Investment Recommendation#
For Classical Chinese Parsing Project:
Score: 4/10 - Not recommended as primary platform
Rationale:
- High adaptation effort (6-12 months)
- Better alternatives exist (Jiayan, custom solution)
- GPL licensing complications for commercial use
- Classical Chinese not a priority for maintainers
- Transformer models likely better long-term bet
Alternative Strategy:
- Use CoreNLP as reference architecture (learn from their design)
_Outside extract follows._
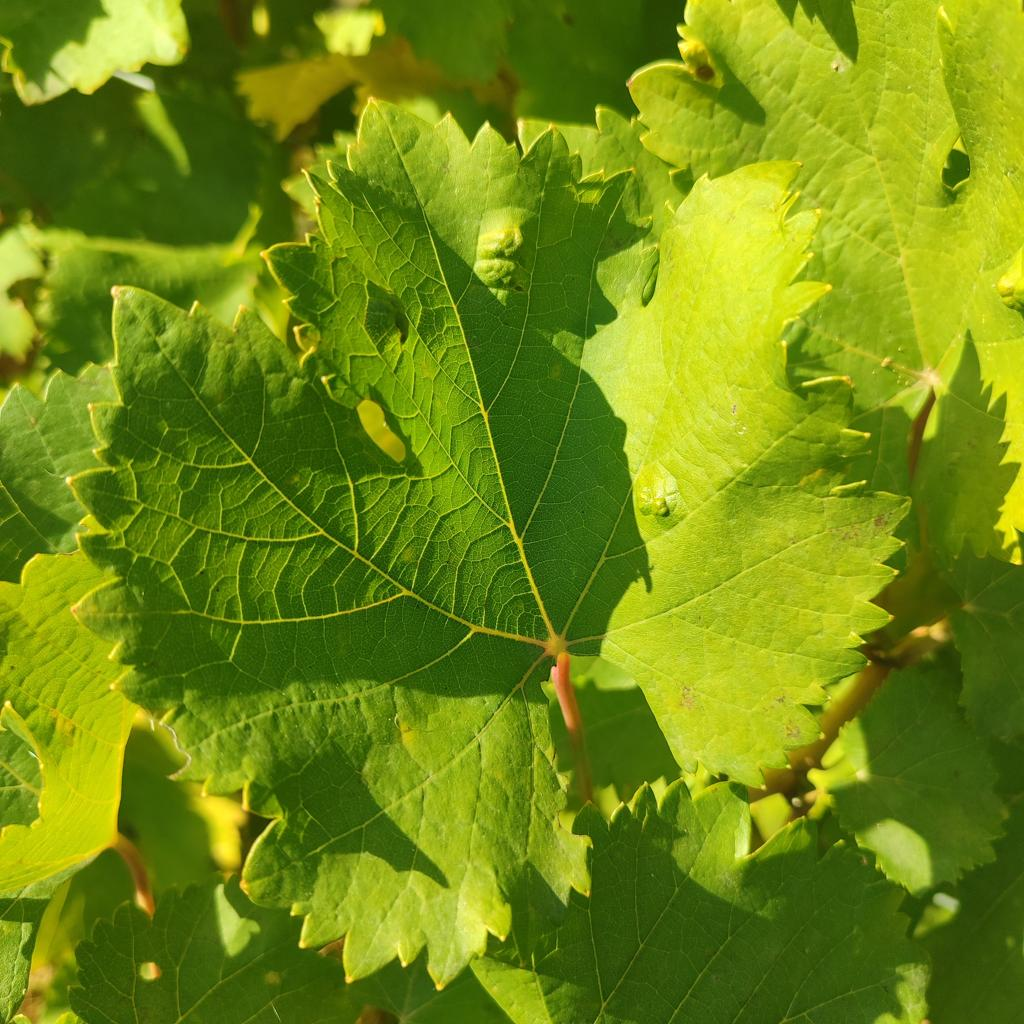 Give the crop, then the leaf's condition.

grapevine, erineum mite
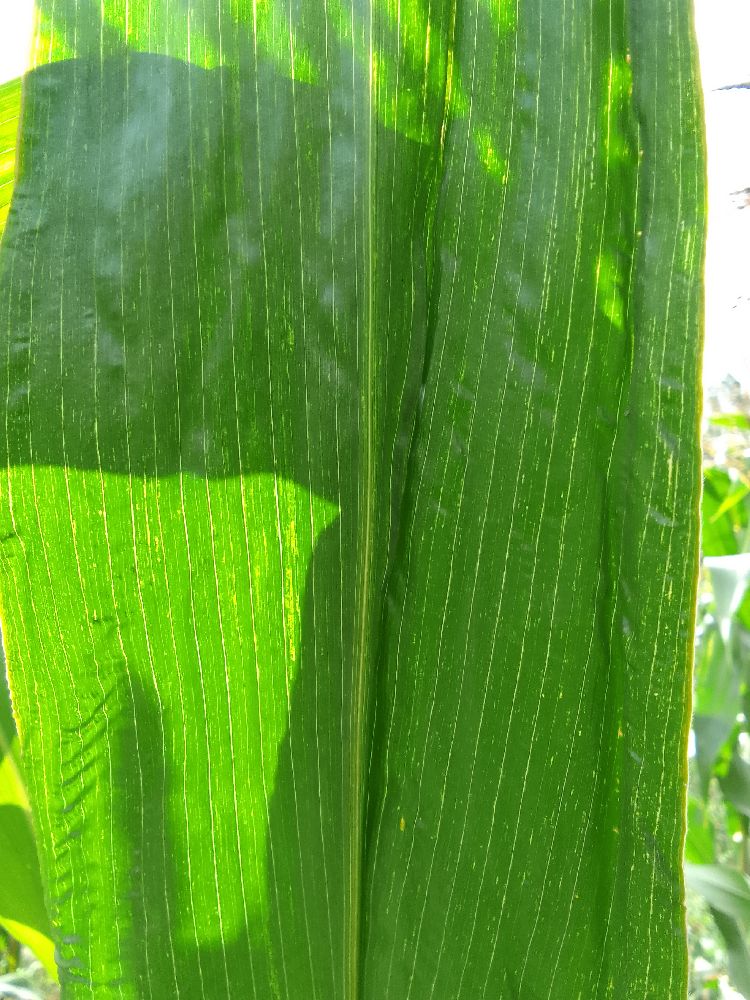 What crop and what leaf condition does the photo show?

maize, healthy

- Borrow algorithms and training procedures
- Build lighter, Python-native Classical Chinese parser
- Consider transformer approach (BERT fine-tuning) instead
When CoreNLP Makes Sense:
- You already use it for modern Chinese (add Classical as extension)
- Academic project (GPL not an issue)
- Have Stanford partnership or collaboration
Bottom Line: CoreNLP is excellent for what it does (modern Chinese), but not the right foundation for Classical Chinese NLP. Learn from it, but don’t build on it.